■ PROBLEM DESCRIPTION
Write each line out a second time, exactly as shown below.

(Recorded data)

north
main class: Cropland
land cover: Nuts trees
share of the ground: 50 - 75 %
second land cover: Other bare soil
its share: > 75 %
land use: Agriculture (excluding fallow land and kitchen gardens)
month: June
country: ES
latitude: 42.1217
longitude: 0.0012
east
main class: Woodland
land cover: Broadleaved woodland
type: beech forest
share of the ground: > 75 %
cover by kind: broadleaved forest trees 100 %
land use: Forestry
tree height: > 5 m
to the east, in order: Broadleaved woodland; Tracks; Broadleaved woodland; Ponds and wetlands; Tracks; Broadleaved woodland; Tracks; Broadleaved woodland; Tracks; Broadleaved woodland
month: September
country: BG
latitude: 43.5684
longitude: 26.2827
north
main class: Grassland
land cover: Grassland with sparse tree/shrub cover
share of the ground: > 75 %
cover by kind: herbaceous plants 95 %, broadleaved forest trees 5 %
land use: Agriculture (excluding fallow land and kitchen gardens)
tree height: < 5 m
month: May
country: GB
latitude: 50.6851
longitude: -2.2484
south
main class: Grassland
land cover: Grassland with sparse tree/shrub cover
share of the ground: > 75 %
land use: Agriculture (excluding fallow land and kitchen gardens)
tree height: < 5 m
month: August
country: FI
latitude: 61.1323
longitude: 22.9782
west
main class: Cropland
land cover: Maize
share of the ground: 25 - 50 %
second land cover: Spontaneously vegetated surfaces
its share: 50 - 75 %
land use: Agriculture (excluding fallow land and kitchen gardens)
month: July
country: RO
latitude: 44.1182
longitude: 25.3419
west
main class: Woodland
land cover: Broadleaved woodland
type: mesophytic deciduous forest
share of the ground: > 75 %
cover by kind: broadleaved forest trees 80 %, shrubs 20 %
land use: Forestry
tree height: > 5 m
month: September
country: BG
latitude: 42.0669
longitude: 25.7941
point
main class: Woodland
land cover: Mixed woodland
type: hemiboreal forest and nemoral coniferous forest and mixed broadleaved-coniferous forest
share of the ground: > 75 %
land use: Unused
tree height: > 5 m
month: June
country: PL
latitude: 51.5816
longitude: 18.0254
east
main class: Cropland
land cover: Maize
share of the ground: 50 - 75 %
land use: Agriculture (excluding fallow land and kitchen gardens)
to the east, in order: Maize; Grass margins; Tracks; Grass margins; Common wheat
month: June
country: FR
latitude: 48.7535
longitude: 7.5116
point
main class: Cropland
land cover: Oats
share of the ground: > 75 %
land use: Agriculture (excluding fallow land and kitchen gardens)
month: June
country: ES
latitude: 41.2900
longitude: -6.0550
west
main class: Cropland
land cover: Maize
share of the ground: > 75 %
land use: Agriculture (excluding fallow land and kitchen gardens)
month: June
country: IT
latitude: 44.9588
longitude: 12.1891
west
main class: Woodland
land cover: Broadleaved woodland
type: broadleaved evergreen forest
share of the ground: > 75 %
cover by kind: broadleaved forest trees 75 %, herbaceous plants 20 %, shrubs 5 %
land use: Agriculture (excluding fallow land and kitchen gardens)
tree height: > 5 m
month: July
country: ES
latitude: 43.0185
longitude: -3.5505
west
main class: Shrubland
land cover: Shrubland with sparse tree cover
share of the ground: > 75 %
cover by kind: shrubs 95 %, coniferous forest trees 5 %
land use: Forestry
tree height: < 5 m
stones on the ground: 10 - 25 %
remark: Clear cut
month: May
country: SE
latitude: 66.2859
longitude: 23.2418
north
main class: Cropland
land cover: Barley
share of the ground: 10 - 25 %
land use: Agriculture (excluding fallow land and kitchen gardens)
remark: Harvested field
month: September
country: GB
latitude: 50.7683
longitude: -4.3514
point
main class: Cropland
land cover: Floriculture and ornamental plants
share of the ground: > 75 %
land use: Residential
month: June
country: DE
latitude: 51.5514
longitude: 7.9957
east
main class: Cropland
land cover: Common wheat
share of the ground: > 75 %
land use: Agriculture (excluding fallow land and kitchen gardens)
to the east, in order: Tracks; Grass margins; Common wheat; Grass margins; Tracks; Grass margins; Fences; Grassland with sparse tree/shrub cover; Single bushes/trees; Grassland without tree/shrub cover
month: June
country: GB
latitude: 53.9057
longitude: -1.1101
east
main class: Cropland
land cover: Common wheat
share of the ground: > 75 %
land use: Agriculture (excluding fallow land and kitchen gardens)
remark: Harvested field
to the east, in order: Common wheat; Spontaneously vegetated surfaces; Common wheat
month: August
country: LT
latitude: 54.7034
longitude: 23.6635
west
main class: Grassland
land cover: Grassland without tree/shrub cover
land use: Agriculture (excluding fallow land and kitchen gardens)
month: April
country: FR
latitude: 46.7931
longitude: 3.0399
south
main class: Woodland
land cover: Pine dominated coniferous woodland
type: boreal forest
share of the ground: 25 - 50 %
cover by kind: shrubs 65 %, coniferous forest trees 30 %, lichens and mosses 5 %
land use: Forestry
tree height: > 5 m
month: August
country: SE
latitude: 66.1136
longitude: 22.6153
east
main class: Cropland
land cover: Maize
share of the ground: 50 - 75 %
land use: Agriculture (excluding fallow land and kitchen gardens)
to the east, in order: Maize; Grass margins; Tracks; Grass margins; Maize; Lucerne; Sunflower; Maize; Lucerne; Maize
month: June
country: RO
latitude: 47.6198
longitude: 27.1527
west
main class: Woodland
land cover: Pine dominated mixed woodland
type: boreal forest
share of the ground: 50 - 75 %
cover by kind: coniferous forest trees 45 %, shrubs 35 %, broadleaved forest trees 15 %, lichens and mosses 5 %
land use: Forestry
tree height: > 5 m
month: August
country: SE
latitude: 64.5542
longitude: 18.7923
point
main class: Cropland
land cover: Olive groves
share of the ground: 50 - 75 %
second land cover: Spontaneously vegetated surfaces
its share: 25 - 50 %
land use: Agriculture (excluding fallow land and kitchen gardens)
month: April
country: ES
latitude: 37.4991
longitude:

■ TASK SOLUTION
north
main class: Cropland
land cover: Nuts trees
share of the ground: 50 - 75 %
second land cover: Other bare soil
its share: > 75 %
land use: Agriculture (excluding fallow land and kitchen gardens)
month: June
country: ES
latitude: 42.1217
longitude: 0.0012
east
main class: Woodland
land cover: Broadleaved woodland
type: beech forest
share of the ground: > 75 %
cover by kind: broadleaved forest trees 100 %
land use: Forestry
tree height: > 5 m
to the east, in order: Broadleaved woodland; Tracks; Broadleaved woodland; Ponds and wetlands; Tracks; Broadleaved woodland; Tracks; Broadleaved woodland; Tracks; Broadleaved woodland
month: September
country: BG
latitude: 43.5684
longitude: 26.2827
north
main class: Grassland
land cover: Grassland with sparse tree/shrub cover
share of the ground: > 75 %
cover by kind: herbaceous plants 95 %, broadleaved forest trees 5 %
land use: Agriculture (excluding fallow land and kitchen gardens)
tree height: < 5 m
month: May
country: GB
latitude: 50.6851
longitude: -2.2484
south
main class: Grassland
land cover: Grassland with sparse tree/shrub cover
share of the ground: > 75 %
land use: Agriculture (excluding fallow land and kitchen gardens)
tree height: < 5 m
month: August
country: FI
latitude: 61.1323
longitude: 22.9782
west
main class: Cropland
land cover: Maize
share of the ground: 25 - 50 %
second land cover: Spontaneously vegetated surfaces
its share: 50 - 75 %
land use: Agriculture (excluding fallow land and kitchen gardens)
month: July
country: RO
latitude: 44.1182
longitude: 25.3419
west
main class: Woodland
land cover: Broadleaved woodland
type: mesophytic deciduous forest
share of the ground: > 75 %
cover by kind: broadleaved forest trees 80 %, shrubs 20 %
land use: Forestry
tree height: > 5 m
month: September
country: BG
latitude: 42.0669
longitude: 25.7941
point
main class: Woodland
land cover: Mixed woodland
type: hemiboreal forest and nemoral coniferous forest and mixed broadleaved-coniferous forest
share of the ground: > 75 %
land use: Unused
tree height: > 5 m
month: June
country: PL
latitude: 51.5816
longitude: 18.0254
east
main class: Cropland
land cover: Maize
share of the ground: 50 - 75 %
land use: Agriculture (excluding fallow land and kitchen gardens)
to the east, in order: Maize; Grass margins; Tracks; Grass margins; Common wheat
month: June
country: FR
latitude: 48.7535
longitude: 7.5116
point
main class: Cropland
land cover: Oats
share of the ground: > 75 %
land use: Agriculture (excluding fallow land and kitchen gardens)
month: June
country: ES
latitude: 41.2900
longitude: -6.0550
west
main class: Cropland
land cover: Maize
share of the ground: > 75 %
land use: Agriculture (excluding fallow land and kitchen gardens)
month: June
country: IT
latitude: 44.9588
longitude: 12.1891
west
main class: Woodland
land cover: Broadleaved woodland
type: broadleaved evergreen forest
share of the ground: > 75 %
cover by kind: broadleaved forest trees 75 %, herbaceous plants 20 %, shrubs 5 %
land use: Agriculture (excluding fallow land and kitchen gardens)
tree height: > 5 m
month: July
country: ES
latitude: 43.0185
longitude: -3.5505
west
main class: Shrubland
land cover: Shrubland with sparse tree cover
share of the ground: > 75 %
cover by kind: shrubs 95 %, coniferous forest trees 5 %
land use: Forestry
tree height: < 5 m
stones on the ground: 10 - 25 %
remark: Clear cut
month: May
country: SE
latitude: 66.2859
longitude: 23.2418
north
main class: Cropland
land cover: Barley
share of the ground: 10 - 25 %
land use: Agriculture (excluding fallow land and kitchen gardens)
remark: Harvested field
month: September
country: GB
latitude: 50.7683
longitude: -4.3514
point
main class: Cropland
land cover: Floriculture and ornamental plants
share of the ground: > 75 %
land use: Residential
month: June
country: DE
latitude: 51.5514
longitude: 7.9957
east
main class: Cropland
land cover: Common wheat
share of the ground: > 75 %
land use: Agriculture (excluding fallow land and kitchen gardens)
to the east, in order: Tracks; Grass margins; Common wheat; Grass margins; Tracks; Grass margins; Fences; Grassland with sparse tree/shrub cover; Single bushes/trees; Grassland without tree/shrub cover
month: June
country: GB
latitude: 53.9057
longitude: -1.1101
east
main class: Cropland
land cover: Common wheat
share of the ground: > 75 %
land use: Agriculture (excluding fallow land and kitchen gardens)
remark: Harvested field
to the east, in order: Common wheat; Spontaneously vegetated surfaces; Common wheat
month: August
country: LT
latitude: 54.7034
longitude: 23.6635
west
main class: Grassland
land cover: Grassland without tree/shrub cover
land use: Agriculture (excluding fallow land and kitchen gardens)
month: April
country: FR
latitude: 46.7931
longitude: 3.0399
south
main class: Woodland
land cover: Pine dominated coniferous woodland
type: boreal forest
share of the ground: 25 - 50 %
cover by kind: shrubs 65 %, coniferous forest trees 30 %, lichens and mosses 5 %
land use: Forestry
tree height: > 5 m
month: August
country: SE
latitude: 66.1136
longitude: 22.6153
east
main class: Cropland
land cover: Maize
share of the ground: 50 - 75 %
land use: Agriculture (excluding fallow land and kitchen gardens)
to the east, in order: Maize; Grass margins; Tracks; Grass margins; Maize; Lucerne; Sunflower; Maize; Lucerne; Maize
month: June
country: RO
latitude: 47.6198
longitude: 27.1527
west
main class: Woodland
land cover: Pine dominated mixed woodland
type: boreal forest
share of the ground: 50 - 75 %
cover by kind: coniferous forest trees 45 %, shrubs 35 %, broadleaved forest trees 15 %, lichens and mosses 5 %
land use: Forestry
tree height: > 5 m
month: August
country: SE
latitude: 64.5542
longitude: 18.7923
point
main class: Cropland
land cover: Olive groves
share of the ground: 50 - 75 %
second land cover: Spontaneously vegetated surfaces
its share: 25 - 50 %
land use: Agriculture (excluding fallow land and kitchen gardens)
month: April
country: ES
latitude: 37.4991
longitude:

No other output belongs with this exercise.